This repository provides Nextflow workflows for analyzing PacBio Kinnex long-read RNA sequencing data from 206 individuals in the Human Pangenome Reference Consortium (HPRC) Release 2.
The workflows cover the full pipeline from preprocessing raw reads to downstream QTL mapping, enabling reproducible analysis of expression and regulatory variation.
We use GENCODE Release 48 as the reference gene annotation. The GTF file provides comprehensive annotation on the primary assembly.
To ensure consistency with the reference genome, scaffold names are converted from GenBank accession numbers to UCSC-style names using the assembly report. For example, KI270706.1 is renamed to chr1_KI270706v1_random.
For each of the 206 HPRC R2 samples, PacBio Kinnex cDNA libraries were sequenced in two runs. Depending on the sequencing facility, the resulting FLNC BAM files were either provided separately (two per sample) or already concatenated into one (see the index file for download links).
For consistency, we concatenate the two runs into a single FLNC BAM per sample. After concatenation, we update the SM field in the @RG header line to match the sample ID (instead of default values like BioSample_1) and generate the corresponding PBI index.
To align FLNC reads, each BAM file is converted to FASTQ format. We add the sample ID as a prefix to each read name to ensure uniqueness after pooling across samples. Each FASTQ file is then aligned to the reference genome using minimap2 with GENCODE v48 annotations in BED12 format.

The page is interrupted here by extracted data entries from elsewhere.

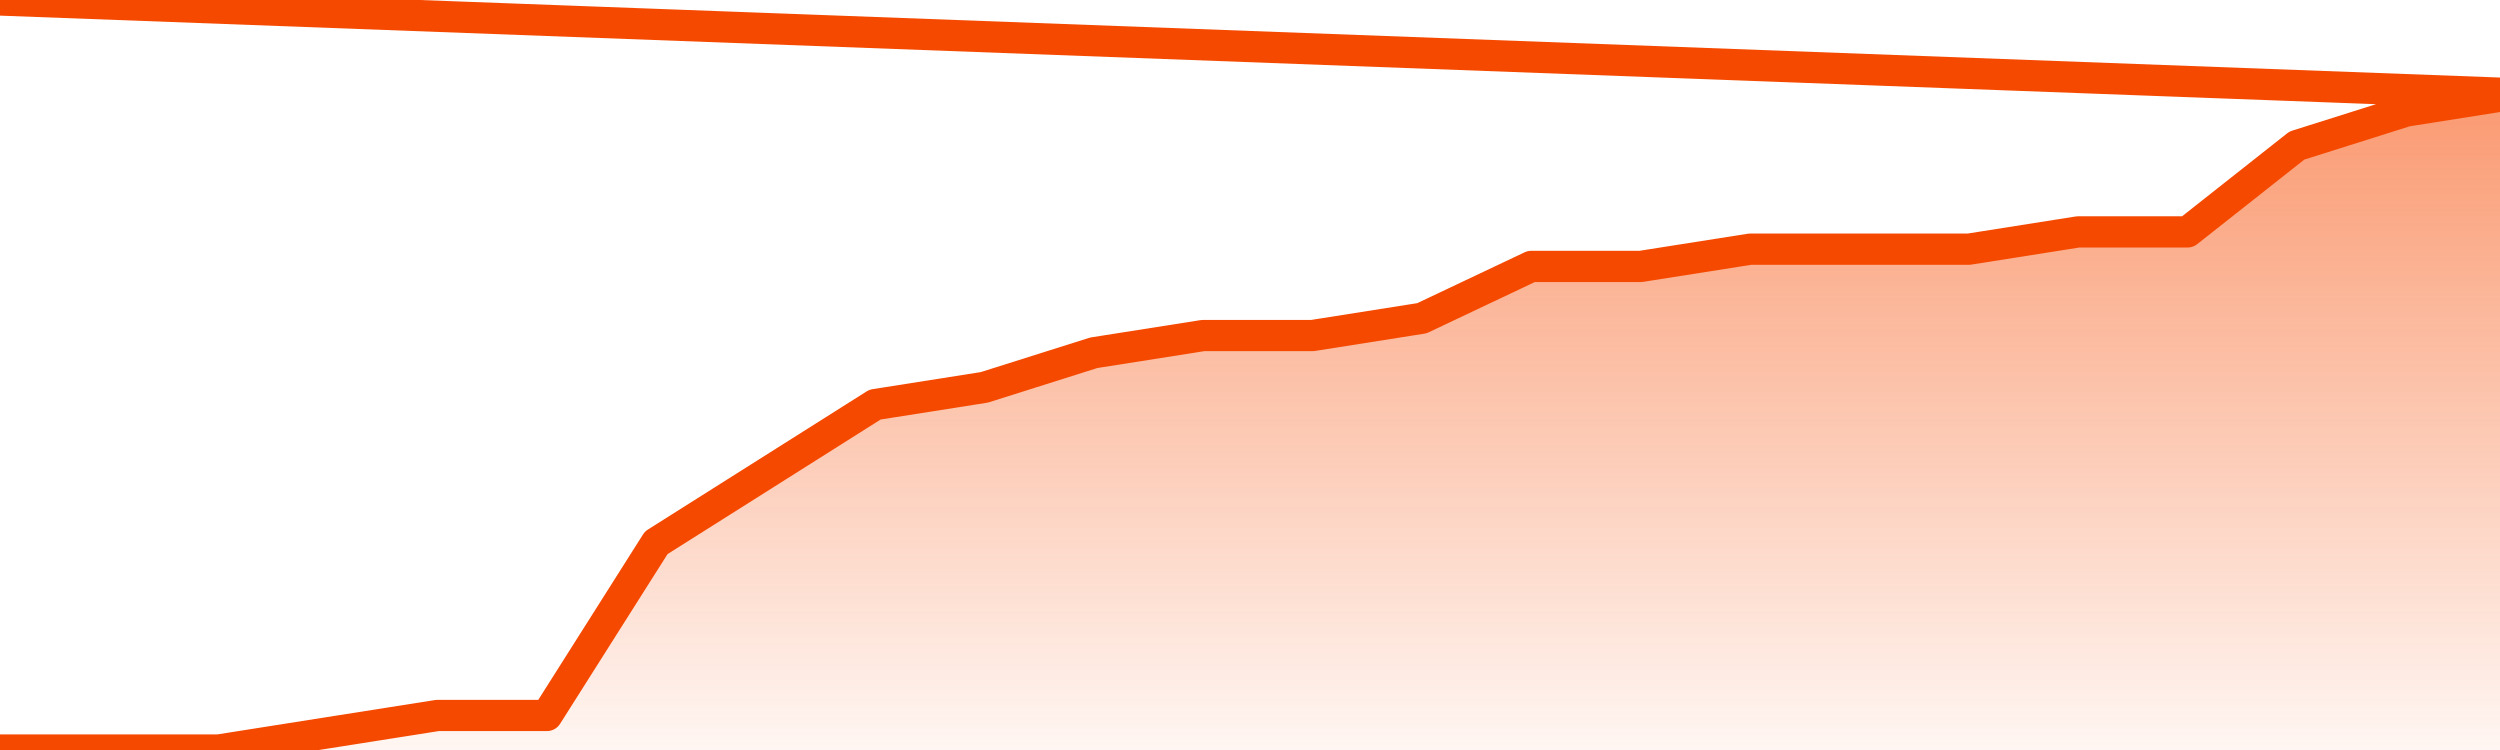       <svg
        version="1.1"
        xmlns="http://www.w3.org/2000/svg"
        width="80"
        height="24"
        viewBox="0 0 80 24">
        <defs>
          <linearGradient x1=".5" x2=".5" y2="1" id="gradient">
            <stop offset="0" stop-color="#F64900"/>
            <stop offset="1" stop-color="#f64900" stop-opacity="0"/>
          </linearGradient>
        </defs>
        <path
          fill="url(#gradient)"
          fill-opacity="0.56"
          stroke="none"
          d="M 0,26 0.0,24.0 3.5,24.0 7.0,24.0 10.5,23.447 14.0,22.895 17.5,22.895 21.0,17.368 24.5,15.158 28.0,12.947 31.5,12.395 35.0,11.289 38.5,10.737 42.0,10.737 45.5,10.184 49.0,8.526 52.5,8.526 56.0,7.974 59.5,7.974 63.0,7.974 66.5,7.421 70.0,7.421 73.5,4.658 77.0,3.553 80.5,3 82,26 Z"
        />
        <path
          fill="none"
          stroke="#F64900"
          stroke-width="1"
          stroke-linejoin="round"
          stroke-linecap="round"
          d="M 0.0,24.0 3.5,24.0 7.0,24.0 10.5,23.447 14.0,22.895 17.5,22.895 21.0,17.368 24.5,15.158 28.0,12.947 31.5,12.395 35.0,11.289 38.5,10.737 42.0,10.737 45.5,10.184 49.0,8.526 52.5,8.526 56.0,7.974 59.5,7.974 63.0,7.974 66.5,7.421 70.0,7.421 73.5,4.658 77.0,3.553 80.5,3.0.join(' ') }"
        />
      </svg>

Finally, the 206 aligned BAM files are merged into a single BAM file for unified transcript model construction across samples.
A unified transcript model across samples is built using the merged BAM file as input to IsoQuant. Because this step is computationally intensive, the merged BAM is split into 25 chromosome-level BAM files. For chromosome 14, only reads within positions 1–104,474,600 are used due to extremely high read depth in the IGH region. This depth arises because the samples are lymphoblastoid cell lines (LCLs), derived from B cells that strongly express IGH genes. The current model construction algorithm cannot handle this region, but all reads on chromosome 14 are still included later during read assignment. IsoQuant is run on each chromosome, and the resulting extended GTFs are combined into a single extended GTF for downstream analysis.
The extended GTF is then used as the unified transcript model. Each per-sample BAM file is processed with IsoQuant to assign reads to known and novel transcripts for qunatification.